Looking at the Securities and Exchange Commission’s Investment Advisory Committee as a proxy for the relative influence of the shareholder empowerment movement gives one the distinct impression that the SEC is, at the least, unduly influenced, if not fully captured.

Shareholder empowerment advocates—primarily, but not exclusively, those who represent the interests of public pension funds and union-related funds—call for shifting corporate decision-making authority toward shareholders and away from boards of directors and executive management. The effect on corporate governance is to allow uninformed shareholders an ever-increasing power to interfere with the decision-making of the most informed loci of corporate authority. The end results of this approach are suboptimal board and executive decision-making, fewer successful companies willing to become or remain publicly traded and constraints on society’s ability to create economic wealth.

Congress created the IAC under Section 911 of the Dodd-Frank Act, with the drafted purpose to:

advise  and  consult  with  the  Commission [SEC]  on … regulatory priorities of the Commission; … issues  relating  to  the  regulation  of  securities products, trading  strategies, and  fee  structures, and the effectiveness of disclosure; …  initiatives  to  protect  investor  interest;  and  … initiatives to promote investor confidence and the integrity of the securities marketplace; and … submit  to  the  Commission  such  findings  and  recommendations  as  the  Committee determines  are  appropriate, including  recommendations  for  proposed  legislative changes.

This sounds innocuous enough. Moreover, it appears Section 911’s authors expected membership to be broadly based and to represent a variety of interests:

The members of the Committee shall be … the Investor Advocate [heads the Office of the Investor Advocate, a new office established by Section 915 of the Dodd-Frank Act]; … a representative of State securities commissions; … a representative of the interests of senior citizens; and … not fewer than 10, and not more than 20, members appointed by the Commission, from among individuals who … represent the interests of individual equity and debt investors, including investors in mutual funds; … represent the interests of institutional investors, including the interests of pension funds and registered investment companies; … are knowledgeable about investment issues and decisions; and … have reputations of integrity.

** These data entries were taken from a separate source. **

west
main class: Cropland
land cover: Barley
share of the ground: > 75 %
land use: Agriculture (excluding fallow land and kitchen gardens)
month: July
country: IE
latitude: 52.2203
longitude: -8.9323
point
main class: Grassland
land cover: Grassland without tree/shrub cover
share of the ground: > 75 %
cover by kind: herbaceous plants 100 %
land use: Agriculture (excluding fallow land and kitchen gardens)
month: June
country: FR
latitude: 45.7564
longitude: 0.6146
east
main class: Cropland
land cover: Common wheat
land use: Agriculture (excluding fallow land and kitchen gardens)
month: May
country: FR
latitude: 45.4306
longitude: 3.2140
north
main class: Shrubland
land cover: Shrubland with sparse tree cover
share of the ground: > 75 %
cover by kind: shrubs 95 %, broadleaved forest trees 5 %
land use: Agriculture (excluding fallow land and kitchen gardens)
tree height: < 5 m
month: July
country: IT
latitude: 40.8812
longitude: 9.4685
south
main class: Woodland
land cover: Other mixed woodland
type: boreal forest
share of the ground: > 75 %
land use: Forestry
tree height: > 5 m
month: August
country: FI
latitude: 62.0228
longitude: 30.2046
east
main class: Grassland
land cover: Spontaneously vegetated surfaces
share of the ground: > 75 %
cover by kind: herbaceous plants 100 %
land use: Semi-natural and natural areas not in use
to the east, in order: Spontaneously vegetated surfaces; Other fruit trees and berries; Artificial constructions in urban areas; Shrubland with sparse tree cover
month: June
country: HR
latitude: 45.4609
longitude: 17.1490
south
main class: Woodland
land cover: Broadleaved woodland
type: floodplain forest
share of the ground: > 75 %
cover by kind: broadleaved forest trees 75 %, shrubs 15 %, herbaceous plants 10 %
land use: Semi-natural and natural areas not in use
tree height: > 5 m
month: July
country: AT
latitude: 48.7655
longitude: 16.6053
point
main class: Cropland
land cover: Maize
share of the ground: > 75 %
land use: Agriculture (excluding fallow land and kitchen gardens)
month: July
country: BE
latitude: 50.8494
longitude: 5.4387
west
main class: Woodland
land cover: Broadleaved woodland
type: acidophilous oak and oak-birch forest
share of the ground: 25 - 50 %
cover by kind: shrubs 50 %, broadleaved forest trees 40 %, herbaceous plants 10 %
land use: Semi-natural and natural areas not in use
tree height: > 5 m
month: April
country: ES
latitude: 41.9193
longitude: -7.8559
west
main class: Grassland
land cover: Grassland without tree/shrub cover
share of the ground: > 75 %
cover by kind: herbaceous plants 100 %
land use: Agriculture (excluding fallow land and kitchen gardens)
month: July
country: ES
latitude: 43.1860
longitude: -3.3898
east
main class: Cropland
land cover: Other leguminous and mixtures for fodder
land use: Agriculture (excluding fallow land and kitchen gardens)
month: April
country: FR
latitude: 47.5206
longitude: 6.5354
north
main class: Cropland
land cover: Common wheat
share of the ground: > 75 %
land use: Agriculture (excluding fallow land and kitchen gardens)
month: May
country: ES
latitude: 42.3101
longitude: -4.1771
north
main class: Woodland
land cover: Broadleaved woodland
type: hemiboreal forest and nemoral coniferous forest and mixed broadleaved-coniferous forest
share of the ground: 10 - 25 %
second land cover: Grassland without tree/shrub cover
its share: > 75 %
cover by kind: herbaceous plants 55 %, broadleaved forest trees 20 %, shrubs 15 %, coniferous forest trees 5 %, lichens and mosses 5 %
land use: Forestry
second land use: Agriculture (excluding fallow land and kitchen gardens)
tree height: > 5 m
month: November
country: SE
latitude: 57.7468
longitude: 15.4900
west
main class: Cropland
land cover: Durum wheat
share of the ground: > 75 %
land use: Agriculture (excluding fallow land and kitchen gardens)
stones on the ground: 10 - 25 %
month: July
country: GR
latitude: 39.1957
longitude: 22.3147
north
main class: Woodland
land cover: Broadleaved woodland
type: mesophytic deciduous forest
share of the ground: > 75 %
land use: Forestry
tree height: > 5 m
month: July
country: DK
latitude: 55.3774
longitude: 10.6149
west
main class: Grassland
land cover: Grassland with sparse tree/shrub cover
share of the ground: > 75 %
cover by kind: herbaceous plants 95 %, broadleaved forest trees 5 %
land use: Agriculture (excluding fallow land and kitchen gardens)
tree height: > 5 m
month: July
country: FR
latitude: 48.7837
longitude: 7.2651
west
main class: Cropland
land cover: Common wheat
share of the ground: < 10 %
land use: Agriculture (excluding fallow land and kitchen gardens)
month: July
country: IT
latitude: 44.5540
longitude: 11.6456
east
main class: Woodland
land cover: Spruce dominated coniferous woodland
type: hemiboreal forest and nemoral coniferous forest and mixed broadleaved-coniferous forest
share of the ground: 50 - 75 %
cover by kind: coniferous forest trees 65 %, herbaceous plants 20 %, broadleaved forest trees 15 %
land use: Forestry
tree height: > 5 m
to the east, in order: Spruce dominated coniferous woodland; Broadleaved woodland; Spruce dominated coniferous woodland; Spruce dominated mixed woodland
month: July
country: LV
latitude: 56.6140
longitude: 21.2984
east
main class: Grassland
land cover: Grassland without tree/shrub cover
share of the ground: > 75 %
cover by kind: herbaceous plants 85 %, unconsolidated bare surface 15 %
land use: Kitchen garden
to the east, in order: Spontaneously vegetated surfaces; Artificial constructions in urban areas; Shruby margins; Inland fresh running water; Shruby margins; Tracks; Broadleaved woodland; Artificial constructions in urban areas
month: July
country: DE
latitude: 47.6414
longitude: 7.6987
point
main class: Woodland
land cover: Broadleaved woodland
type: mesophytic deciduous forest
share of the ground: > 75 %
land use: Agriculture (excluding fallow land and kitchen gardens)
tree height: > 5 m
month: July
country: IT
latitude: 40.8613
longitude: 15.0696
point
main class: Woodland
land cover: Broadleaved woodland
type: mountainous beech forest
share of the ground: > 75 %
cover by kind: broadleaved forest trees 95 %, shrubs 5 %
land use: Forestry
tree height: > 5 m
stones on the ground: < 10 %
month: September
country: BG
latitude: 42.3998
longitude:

Nevertheless, like a lot of legislation, Section 911 has had unintended consequences. The IAC’s membership has been dominated by shareholder empowerment advocates. I estimate at least seven of the 18 members can be considered movement supporters, including Chairman Kurt Schacht of the CFA Institute and Vice Chairman Anne Sheehan, Vice Chairman of the California State Teachers’ Retirement System, who presumably set the committee’s agenda.

Given this bias, it should not come as a surprise that one item on the IAC’s meeting agenda earlier this month was a discussion of Snap Inc.’s recent initial public offering with a dual-class share structure that did not offer voting rights to purchasers. The shareholder empowerment movement’s abhorrence of dual-class share structures—based solely on the fact that they reduce or eliminate the voting power of the typical stockholder—is nonsensical. This structure has been used by some of the most successful companies in the world—including Alphabet (Google), Berkshire Hathaway, Alibaba Group, Facebook, Under Armour and LinkedIn—to create enormous wealth for their stockholders.

Moreover, the Snap IPO was hugely successful. Snap priced its offering at $17 per share, giving it a market valuation of roughly $24 billion. The book was more than 10 times oversubscribed and Snap could have priced the IPO at up to $19 per share. So whose interest are shareholder empowerment advocates trying to protect when they attack dual-class share structures?  It appears the interest of most concern to the movement is its own, as the more dual-class share structures there are, the less power the movement has.

Shareholder empowerment advocates do not need any extra help from the Dodd-Frank Act to have a major impact on corporate governance. As Congress and the White House continue to review sections of the Dodd-Frank Act to be amended or repealed altogether, Section 911 should be included on that list.